◆ What the exercise asks: Could you copy every line of the data that contains the word "height"?

*** Materials provided Section Begins ***

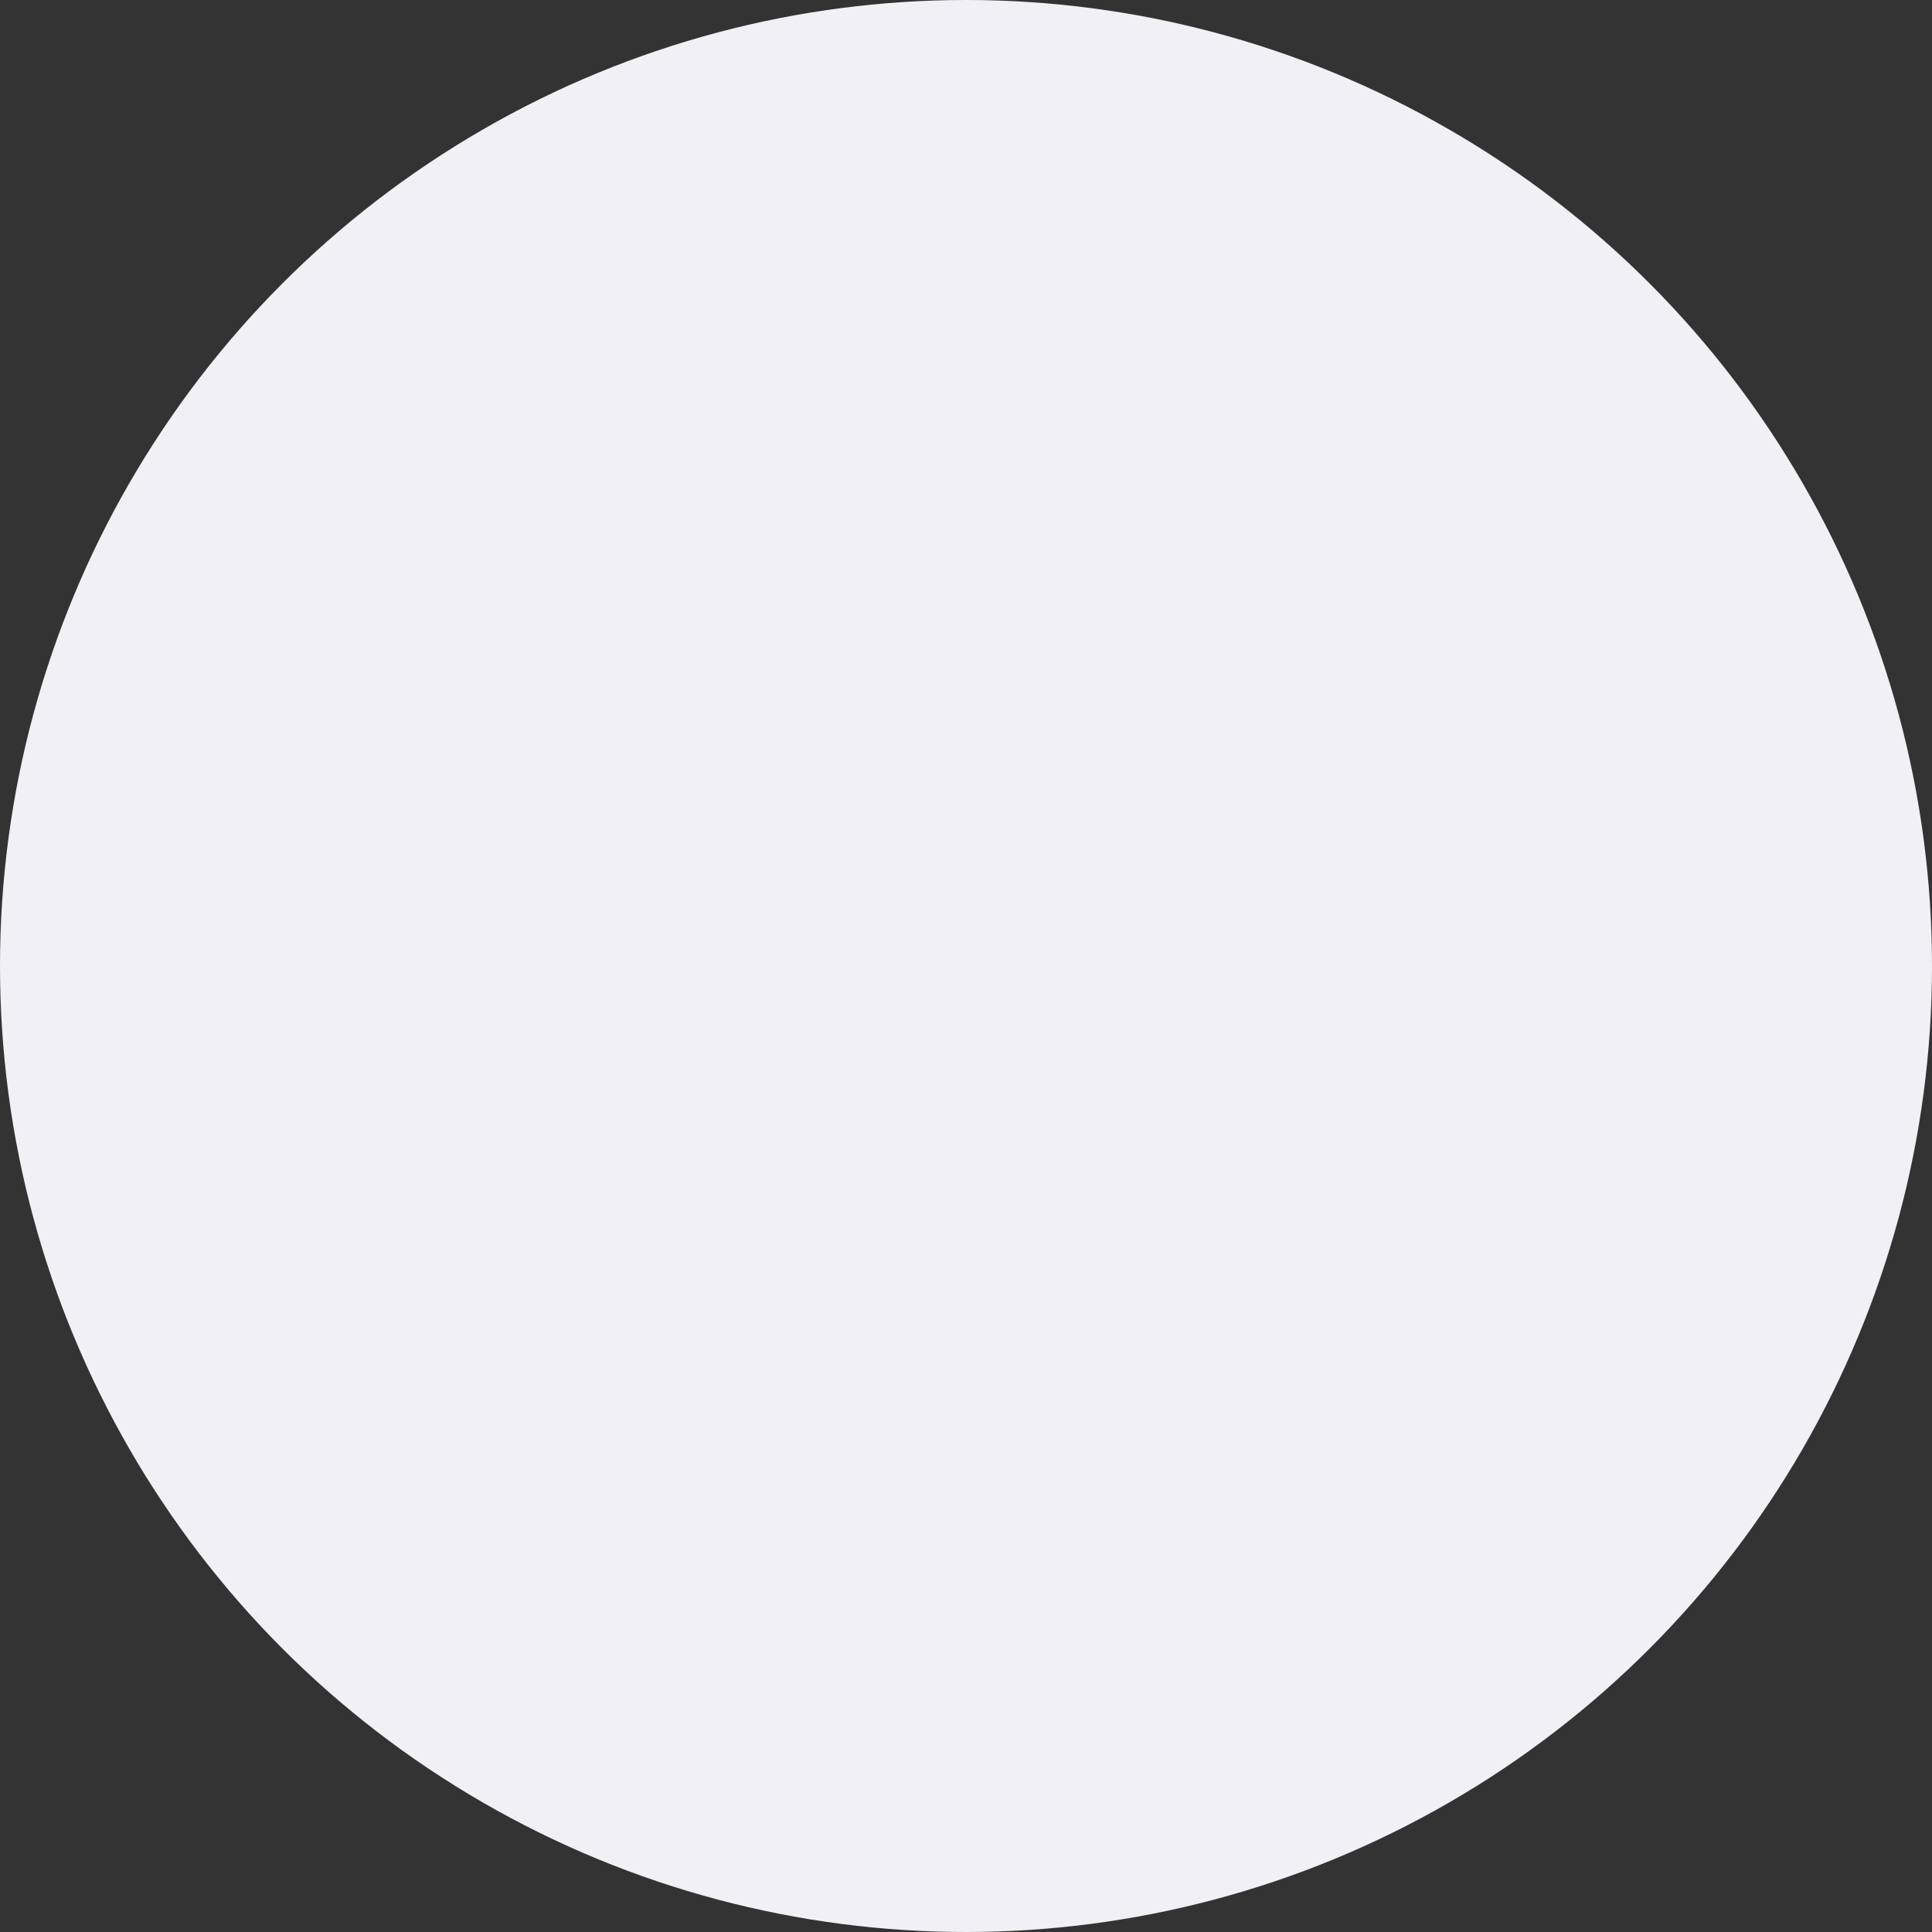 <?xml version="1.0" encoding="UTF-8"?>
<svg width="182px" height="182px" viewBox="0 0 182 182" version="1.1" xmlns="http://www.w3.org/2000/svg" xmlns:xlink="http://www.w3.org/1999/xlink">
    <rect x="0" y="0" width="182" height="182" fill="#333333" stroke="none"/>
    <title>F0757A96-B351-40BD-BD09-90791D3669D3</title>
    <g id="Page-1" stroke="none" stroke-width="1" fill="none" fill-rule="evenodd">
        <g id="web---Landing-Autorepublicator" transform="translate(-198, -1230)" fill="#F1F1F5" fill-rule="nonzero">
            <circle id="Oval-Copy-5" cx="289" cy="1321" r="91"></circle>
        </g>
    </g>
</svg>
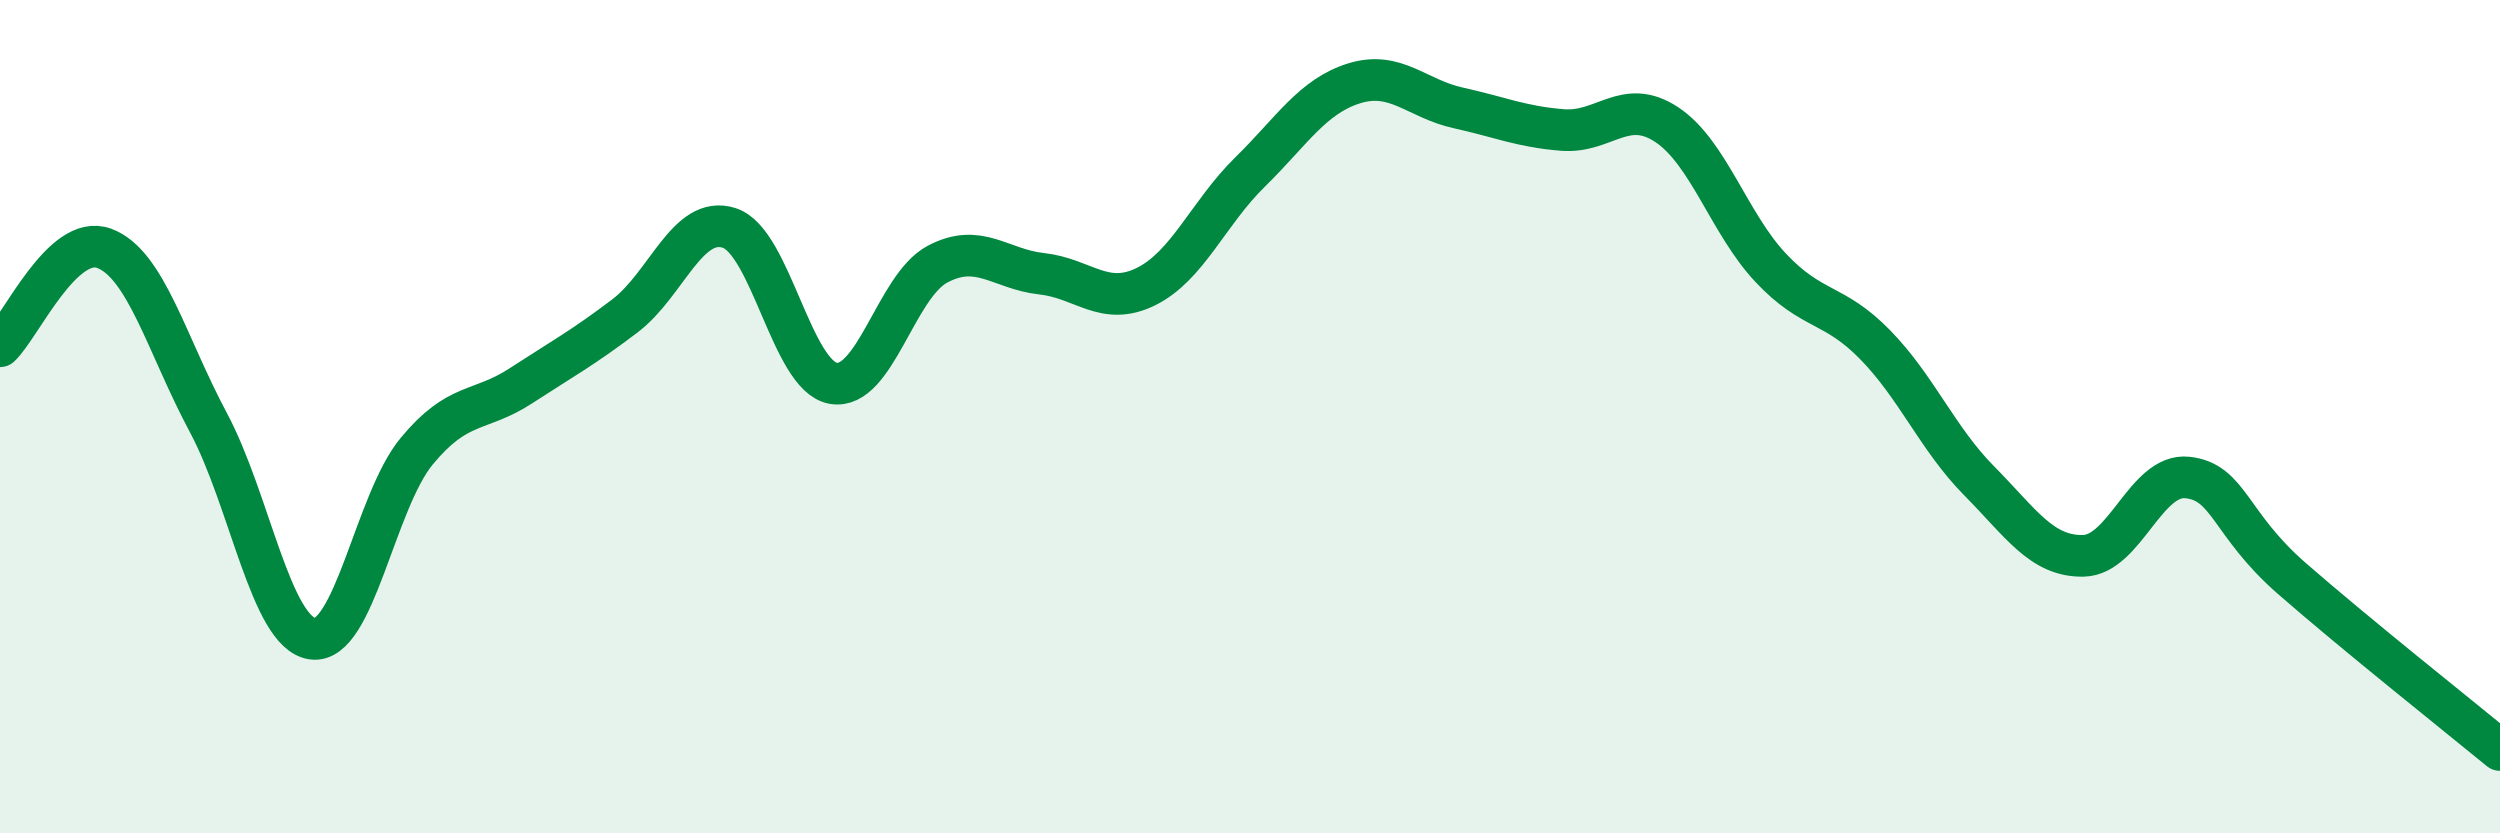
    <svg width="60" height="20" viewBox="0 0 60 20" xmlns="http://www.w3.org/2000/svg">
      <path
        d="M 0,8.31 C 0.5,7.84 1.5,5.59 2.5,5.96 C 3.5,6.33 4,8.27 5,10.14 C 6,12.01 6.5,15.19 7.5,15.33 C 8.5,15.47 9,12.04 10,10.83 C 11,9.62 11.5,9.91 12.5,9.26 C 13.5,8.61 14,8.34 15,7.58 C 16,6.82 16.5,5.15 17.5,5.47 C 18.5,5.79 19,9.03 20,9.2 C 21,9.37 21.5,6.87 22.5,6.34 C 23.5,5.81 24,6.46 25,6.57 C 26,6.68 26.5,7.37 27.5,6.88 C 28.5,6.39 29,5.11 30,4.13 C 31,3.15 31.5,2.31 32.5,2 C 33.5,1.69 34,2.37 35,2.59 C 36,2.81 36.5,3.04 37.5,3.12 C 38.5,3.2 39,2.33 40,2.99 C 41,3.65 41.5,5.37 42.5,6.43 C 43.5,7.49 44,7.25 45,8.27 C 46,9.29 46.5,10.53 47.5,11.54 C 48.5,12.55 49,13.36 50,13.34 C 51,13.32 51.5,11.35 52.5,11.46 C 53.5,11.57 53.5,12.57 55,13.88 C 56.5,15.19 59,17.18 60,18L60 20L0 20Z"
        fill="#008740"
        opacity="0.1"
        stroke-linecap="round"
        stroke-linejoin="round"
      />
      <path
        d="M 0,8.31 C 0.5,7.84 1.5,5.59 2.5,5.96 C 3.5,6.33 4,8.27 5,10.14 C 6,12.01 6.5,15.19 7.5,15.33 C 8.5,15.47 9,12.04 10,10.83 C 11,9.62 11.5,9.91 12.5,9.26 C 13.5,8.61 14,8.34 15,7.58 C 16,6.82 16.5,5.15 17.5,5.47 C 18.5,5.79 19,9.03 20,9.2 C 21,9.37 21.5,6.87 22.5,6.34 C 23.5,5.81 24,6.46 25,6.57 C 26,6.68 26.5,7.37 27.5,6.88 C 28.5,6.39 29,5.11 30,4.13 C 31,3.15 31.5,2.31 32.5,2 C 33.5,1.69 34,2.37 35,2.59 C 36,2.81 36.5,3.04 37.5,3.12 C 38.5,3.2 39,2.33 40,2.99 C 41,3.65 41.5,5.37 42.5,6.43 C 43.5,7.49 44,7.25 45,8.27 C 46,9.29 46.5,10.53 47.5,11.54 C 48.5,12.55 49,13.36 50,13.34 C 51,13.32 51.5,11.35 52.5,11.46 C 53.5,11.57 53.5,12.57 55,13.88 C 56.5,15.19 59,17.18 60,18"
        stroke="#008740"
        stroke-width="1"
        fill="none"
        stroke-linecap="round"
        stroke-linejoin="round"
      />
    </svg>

*** Materials provided Section Ends ***

◆ Response to this exercise:
<svg width="182px" height="182px" viewBox="0 0 182 182" version="1.1" xmlns="http://www.w3.org/2000/svg" xmlns:xlink="http://www.w3.org/1999/xlink">
    <rect x="0" y="0" width="182" height="182" fill="#333333" stroke="none"/>
    <svg width="60" height="20" viewBox="0 0 60 20" xmlns="http://www.w3.org/2000/svg">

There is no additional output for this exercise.